▶ INSTRUCTIONS TO FOLLOW: Lines below that hold the word "list" must be copied in full.

── RECORDS FOR THE TASK ──

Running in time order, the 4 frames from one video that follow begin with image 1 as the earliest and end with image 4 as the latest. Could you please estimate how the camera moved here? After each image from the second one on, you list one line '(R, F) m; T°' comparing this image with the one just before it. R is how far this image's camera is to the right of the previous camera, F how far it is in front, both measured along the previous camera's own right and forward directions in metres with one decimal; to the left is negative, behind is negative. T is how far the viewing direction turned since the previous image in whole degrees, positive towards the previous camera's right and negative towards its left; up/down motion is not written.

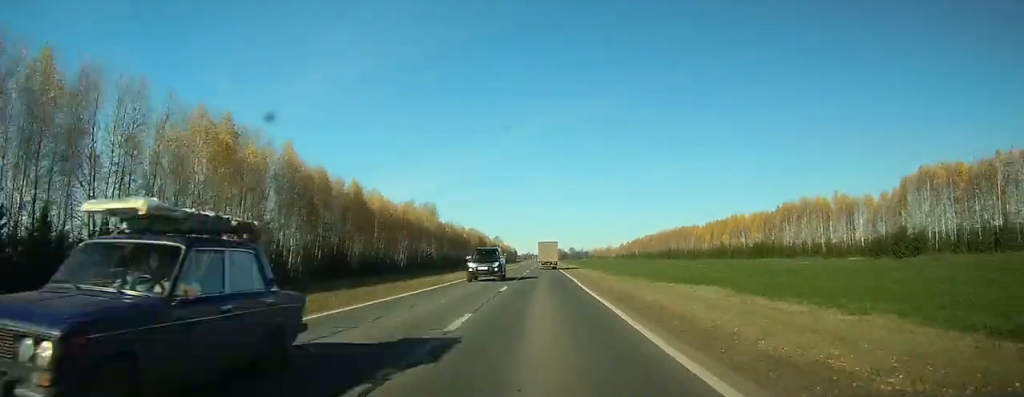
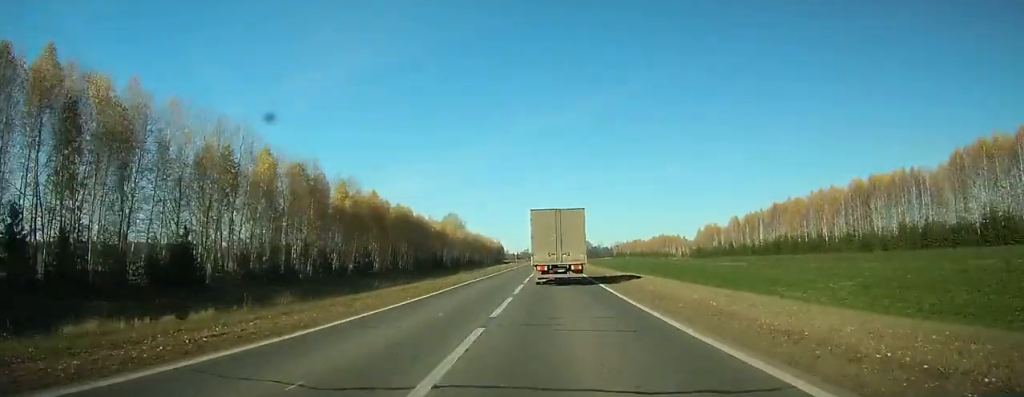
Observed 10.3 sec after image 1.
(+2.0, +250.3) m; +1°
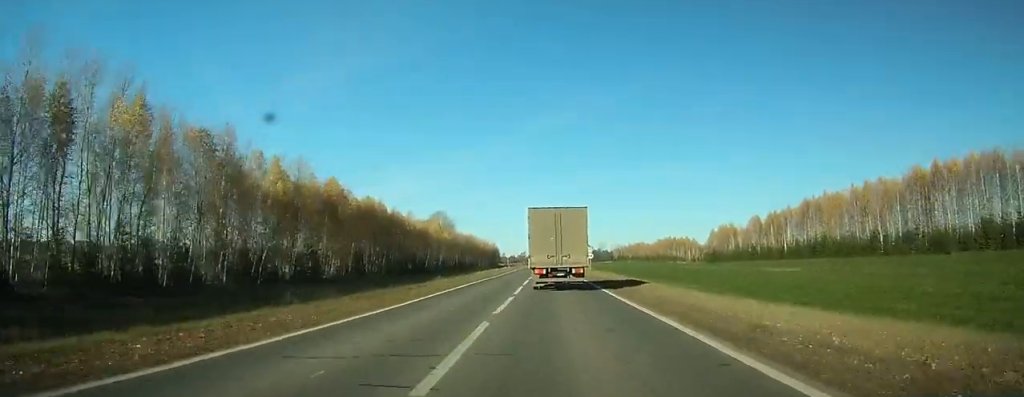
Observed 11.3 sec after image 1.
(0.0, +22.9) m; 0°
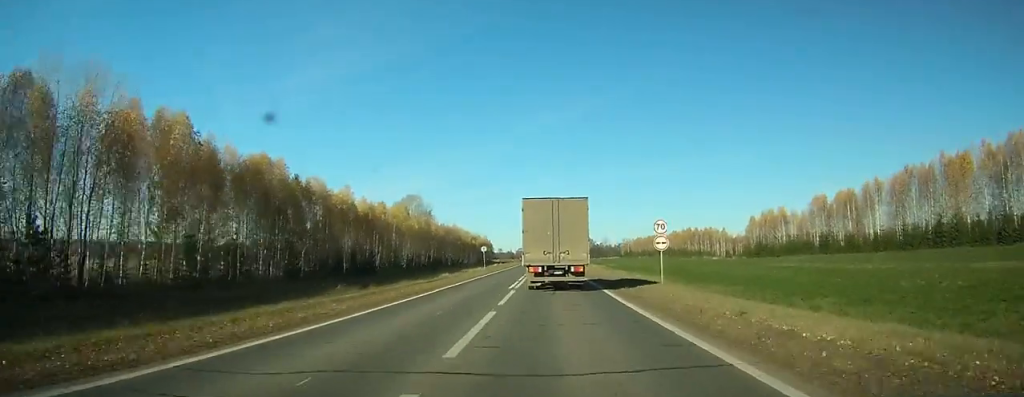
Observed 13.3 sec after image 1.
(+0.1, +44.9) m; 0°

───
── RECORDS FOR THE TASK ──

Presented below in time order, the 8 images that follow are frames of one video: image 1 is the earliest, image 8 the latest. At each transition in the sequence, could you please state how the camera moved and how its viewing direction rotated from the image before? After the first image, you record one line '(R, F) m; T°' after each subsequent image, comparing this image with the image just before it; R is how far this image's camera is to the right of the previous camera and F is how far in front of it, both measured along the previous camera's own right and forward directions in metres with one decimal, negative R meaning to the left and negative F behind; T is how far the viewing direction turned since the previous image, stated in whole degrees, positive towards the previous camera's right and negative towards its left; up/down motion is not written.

───
── RECORDS FOR THE TASK ──

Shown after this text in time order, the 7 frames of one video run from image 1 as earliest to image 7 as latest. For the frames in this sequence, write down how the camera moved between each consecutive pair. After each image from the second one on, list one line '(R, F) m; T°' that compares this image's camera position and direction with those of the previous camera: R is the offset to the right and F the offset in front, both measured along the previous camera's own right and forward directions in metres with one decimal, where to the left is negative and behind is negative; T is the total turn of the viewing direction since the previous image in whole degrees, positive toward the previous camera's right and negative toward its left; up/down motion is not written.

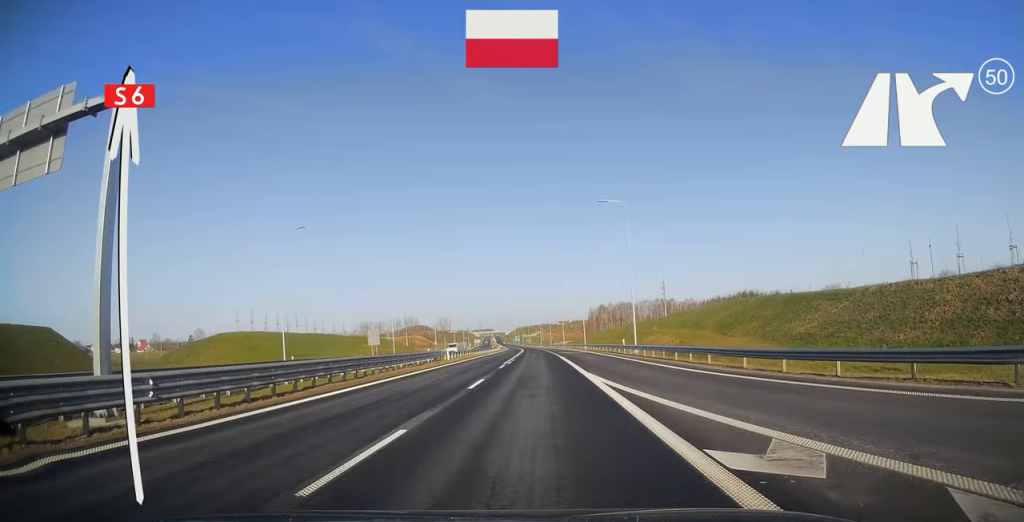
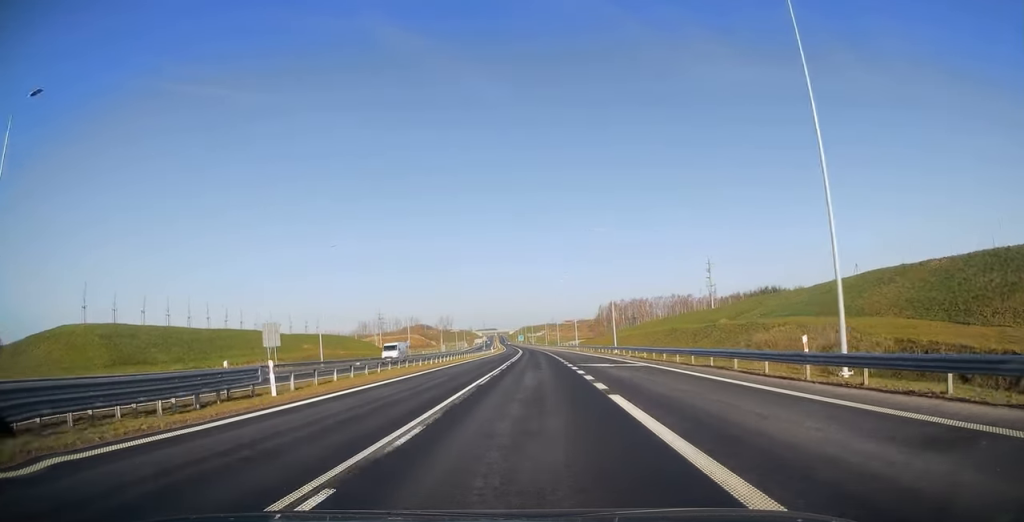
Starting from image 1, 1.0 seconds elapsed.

───

▶ WORKED SOLUTION:
Running in time order, the 4 frames from one video that follow begin with image 1 as the earliest and end with image 4 as the latest. Could you please estimate how the camera moved here? After each image from the second one on, you list one line '(R, F) m; T°' comparing this image with the one just before it. R is how far this image's camera is to the right of the previous camera, F how far it is in front, both measured along the previous camera's own right and forward directions in metres with one decimal; to the left is negative, behind is negative. T is how far the viewing direction turned since the previous image in whole degrees, positive towards the previous camera's right and negative towards its left; up/down motion is not written.
Shown after this text in time order, the 7 frames of one video run from image 1 as earliest to image 7 as latest. For the frames in this sequence, write down how the camera moved between each consecutive pair. After each image from the second one on, list one line '(R, F) m; T°' that compares this image's camera position and direction with those of the previous camera: R is the offset to the right and F the offset in front, both measured along the previous camera's own right and forward directions in metres with one decimal, where to the left is negative and behind is negative; T is the total turn of the viewing direction since the previous image in whole degrees, positive toward the previous camera's right and negative toward its left; up/down motion is not written.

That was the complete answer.